要問她為什麽這麽豁達?她肯定會嘲笑發問的人。

這不是豁達,這是放棄。

張起靈這樣的人被無數個謎團陰謀堆積起來形成了現在的他,想要抽絲剝繭看到其中的真相,是一個幾乎不可能的任務。張家綿延數百年乃至千年,她自認沒有那個本事能把張家的陰私給看的清清楚楚,連帶著張起靈,她看了這麽多年,最終也只看清了他對自己的那一點。

他背負了什麽、經歷了什麽、心裏想的什麽、打算的什麽,她從不敢說自己看清過。她能做的,除了信任就是放棄——信任張起靈待她的心,放棄她自己的好奇。

這麽說來自己對他可真是真愛。沈姬把自己逗笑了,然後就見前面的張起靈回頭來看了他一眼,一副“怎麽了”的表情。她擺擺手表示沒事,到底沒好意思說自己在心裏給他告白呢,場合不合適。

眼下霍仙姑的人已經將山體那條縫隙擴寬挖深成一條隧道,通往一個溶洞一般的空洞。那洞另一邊的洞壁上密密麻麻全是一個個的小入口,就像是一個巨大的蜂巢。吳邪當初就是把張起靈和胖子從這兒硬拖出去的,只可惜在場的兩個當事人那時候人事不省啥都不知道,他們也只好散開了一個一個找,所幸人手足夠。

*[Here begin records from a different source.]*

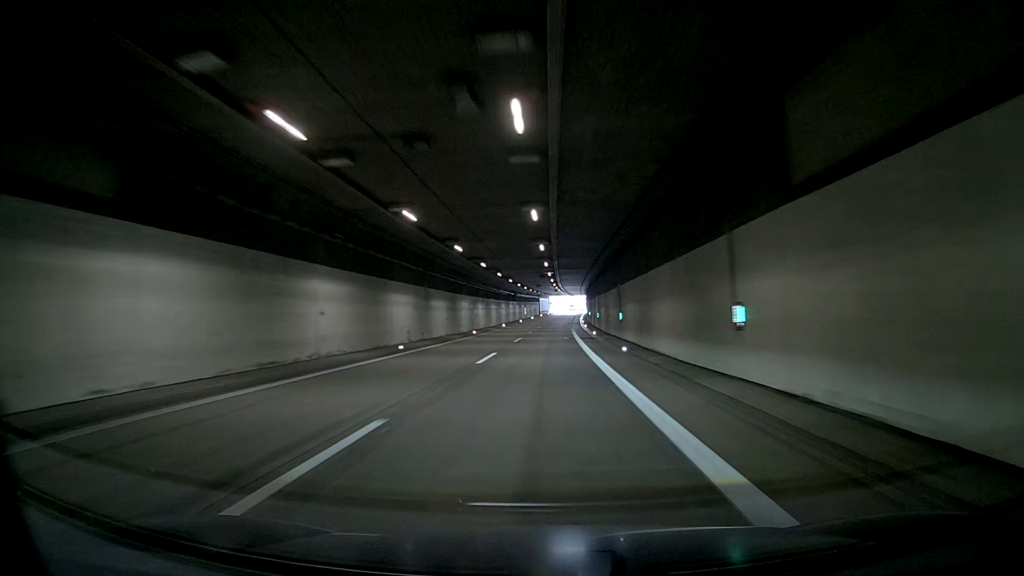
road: motorway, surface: asphalt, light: Day
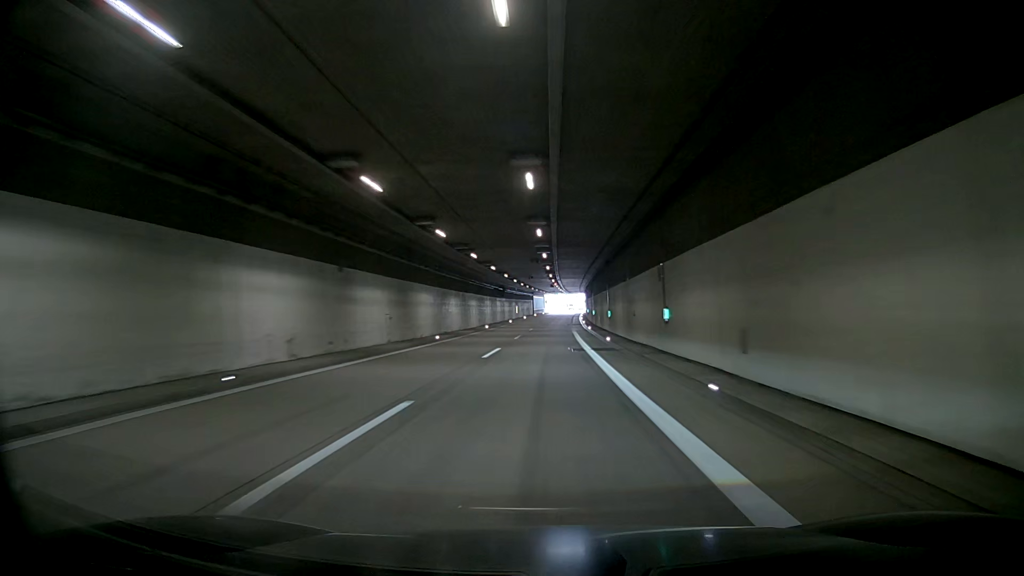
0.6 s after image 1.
(0.0, +16.1) m; 0°
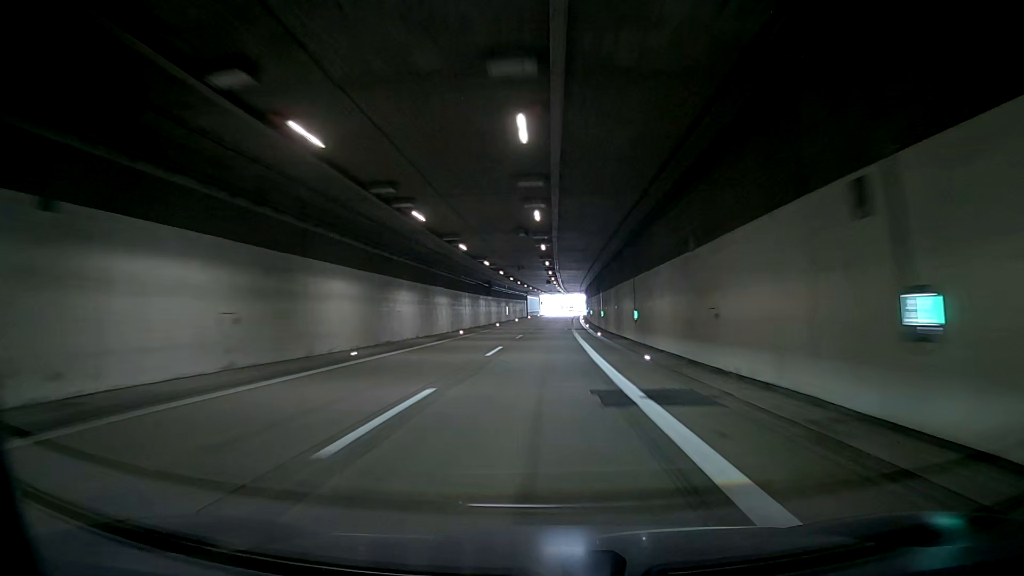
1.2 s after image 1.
(0.0, +16.0) m; 0°

張起靈對張家古樓印象不深,但霍仙姑研究了那圖紙不知道幾十年,因此很確信這兒還不到古樓的自保機關範圍之內。古樓深埋在山體裏,這在當年本就已經是一個了不得的防盜手段了——沒什麽盜墓賊能單槍匹馬挖山的,愚公也不行。再加上照古樓的重要性來看,這機關殺傷力肯定十分高,要盡可能一擊斃命,因此很可能是什麽致命性的連鎖機關,但這種機關不可能大面積鋪設,尤其是在山體裏。雖然話是這麽說,但必要的保險還是要做的,因此兩人一組,帶齊裝備和通訊工具,大部隊漸漸散開,分頭進入了這些大小不等的坑洞裏探路。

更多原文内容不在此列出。